Hewlett Packard Enterprise (HPE) is helping organisations in the region meet this challenge. In the lead-up to 2026, HPE introduced major upgrades across its product range including servers, AI-ready data centres, hybrid cloud platforms, advanced storage and networking.
This article breaks down those innovations, explains what they mean for technology decision-makers across PNG and ANZ, and highlights how Stream Tech Knowledge PNG Ltd — an HPE Silver Partner and award nominee is helping local enterprises turn this technology into real business outcomes.

 

A New Generation of Servers: HPE ProLiant Compute Gen12

HPE’s flagship innovation for 2026 is the ProLiant Compute Gen12 family. Revealed in the middle of 2025, these servers signify a significant generational advancement, incorporating Intel Xeon 6 and AMD 5th-generation EPYC processors, direct liquid-cooling (DLC) options, and an AI-powered management framework.
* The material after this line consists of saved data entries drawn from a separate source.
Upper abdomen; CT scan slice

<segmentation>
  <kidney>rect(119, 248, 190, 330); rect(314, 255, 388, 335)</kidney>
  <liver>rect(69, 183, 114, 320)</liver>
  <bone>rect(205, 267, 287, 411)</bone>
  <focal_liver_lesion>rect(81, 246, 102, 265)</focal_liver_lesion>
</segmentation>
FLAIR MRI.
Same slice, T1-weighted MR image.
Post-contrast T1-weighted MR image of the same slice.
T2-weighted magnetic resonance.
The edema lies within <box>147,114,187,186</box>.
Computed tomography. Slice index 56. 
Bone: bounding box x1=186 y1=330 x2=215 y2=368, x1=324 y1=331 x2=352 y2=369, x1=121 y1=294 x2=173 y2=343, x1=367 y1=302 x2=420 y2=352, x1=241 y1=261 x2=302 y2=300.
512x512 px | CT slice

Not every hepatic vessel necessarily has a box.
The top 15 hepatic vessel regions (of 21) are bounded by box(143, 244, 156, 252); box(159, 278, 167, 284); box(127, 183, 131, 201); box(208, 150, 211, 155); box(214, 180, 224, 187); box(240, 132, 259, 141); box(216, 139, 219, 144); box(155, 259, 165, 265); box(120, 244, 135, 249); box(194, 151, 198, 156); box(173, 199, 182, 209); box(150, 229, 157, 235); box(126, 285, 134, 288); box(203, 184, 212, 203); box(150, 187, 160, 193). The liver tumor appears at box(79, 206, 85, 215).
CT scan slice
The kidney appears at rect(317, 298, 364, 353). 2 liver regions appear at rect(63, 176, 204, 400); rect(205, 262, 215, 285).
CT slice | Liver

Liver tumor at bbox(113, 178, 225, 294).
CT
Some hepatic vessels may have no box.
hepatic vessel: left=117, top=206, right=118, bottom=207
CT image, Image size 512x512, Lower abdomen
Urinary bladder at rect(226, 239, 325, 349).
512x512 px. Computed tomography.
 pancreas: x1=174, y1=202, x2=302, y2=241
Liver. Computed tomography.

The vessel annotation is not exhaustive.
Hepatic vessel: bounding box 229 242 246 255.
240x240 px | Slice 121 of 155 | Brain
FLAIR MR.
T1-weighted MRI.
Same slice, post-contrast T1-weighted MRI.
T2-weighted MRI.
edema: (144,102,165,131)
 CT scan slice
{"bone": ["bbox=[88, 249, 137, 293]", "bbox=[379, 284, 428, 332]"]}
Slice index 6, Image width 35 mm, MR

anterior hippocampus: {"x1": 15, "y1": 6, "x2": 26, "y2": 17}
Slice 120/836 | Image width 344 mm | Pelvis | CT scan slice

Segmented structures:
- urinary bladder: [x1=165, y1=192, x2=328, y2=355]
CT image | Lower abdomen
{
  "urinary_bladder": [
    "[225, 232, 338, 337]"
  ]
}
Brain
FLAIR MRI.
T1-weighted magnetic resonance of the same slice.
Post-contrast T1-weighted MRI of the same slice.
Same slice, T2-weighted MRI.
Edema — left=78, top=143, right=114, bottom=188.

Built‑in Security and AI‑Driven Management

Security is a priority for organisations across PNG and ANZ. HPE’s Gen12 servers incorporate the HPE iLO 7 Secure Enclave, offering quantum‑resistant cryptographic protection and meeting FIPS 140‑3 Level 3 standards. The servers are coupled with HPE Compute Ops Management (COM), an AI‑driven service that provides energy‑efficiency insights, predictive maintenance and a map‑based view of server health. According to HPE, the new platform uses AI to drive continuous optimisation and security across the lifecycle.

 

Availability Timeline and Models

Six of the eight Gen12 models are expected to launch in the first quarter of 2025: DL320, DL340, DL360, DL380, the AI‑focused DL380a and ML350. Larger models like the DL580 and Synergy 480 are expected to be released by mid-2025, targeting mission-critical and blade form factors. The ProLiant Compute Gen12 series offers optional direct liquid cooling for one- and two-socket systems, enhancing energy efficiency, which is an essential feature for data centers in hot regions such as Papua New Guinea.

 

Intel and AMD Editions

HPE presents the Gen12 servers equipped with either Intel Xeon 6 or AMD EPYC ‘Venice’ processors. The Intel models focus on quantum-safe security, integrated AI acceleration, and high-density computing capabilities. Meanwhile, the AMD-powered DL325 and DL345 Gen12 servers offer up to 6TB of memory and include HPE Morpheus VM Essentials for virtualization purposes. They also incorporate the same iLO 7 security and AI-driven management features as their Intel counterparts. These servers became available for order in mid-2025, with shipments commencing in July 2025.

 

DL380a Gen12: Designed for AI

One standout model is the DL380a Gen12, a 4U, two‑socket rack server built for AI workloads. It supports multiple double‑wide GPUs, high‑core‑count Xeon 6 CPUs (64–144 cores) and up to 4TB of RDIMM memory. This design is targeted at AI inference and training applications for enterprises. For organisations in PNG or remote areas of Australia, the ability to run AI workloads on‑site reduces reliance on internet connectivity and enables local data sovereignty.

 

Premier Solutions for Azure Local

Recognising the growing need for hybrid cloud, HPE introduced the ProLiant Compute DL380 Gen12 Server Premier Solutions for Azure Local, scheduled for availability in March 2026. This solution integrates Azure Stack HCI and provides a simple path to deploy on‑premises workloads with Azure services. It aligns well with organisations in PNG that want a cloud‑like experience while keeping data and compute within their own facilities.

 

Expanded GPU Support

HPE also announced expanded NVIDIA GPU options across its server portfolio: the RTX Pro 6000 Blackwell for the DL380 Gen12, RTX A1000 for the DL20 Gen11 and ML30 Gen11, and NVIDIA L4/L40 S options for the AMD‑powered DL325 and DL345 Gen12 servers. These options allow buyers to tailor compute for AI inference, graphics or general‑purpose acceleration.

 

Direct Liquid‑Cooled Supercomputing: HPE Cray Portfolio

In addition to enterprise servers, HPE unveiled its next‑generation Cray supercomputing portfolio, designed for AI and high‑performance computing (HPC). The announcement includes three direct liquid‑cooled blades—GX440n, GX350a and GX250—and a new Cray K3000 storage system.

 

Blade Specifications

GX440n: This top‑end blade contains four upcoming NVIDIA Vera CPUs and eight Rubin GPUs based on the NVIDIA Blackwell architecture. A single rack can house up to 192 GPUs, delivering enormous AI training capability. Cooled via direct liquid to enable high densities and energy efficiency.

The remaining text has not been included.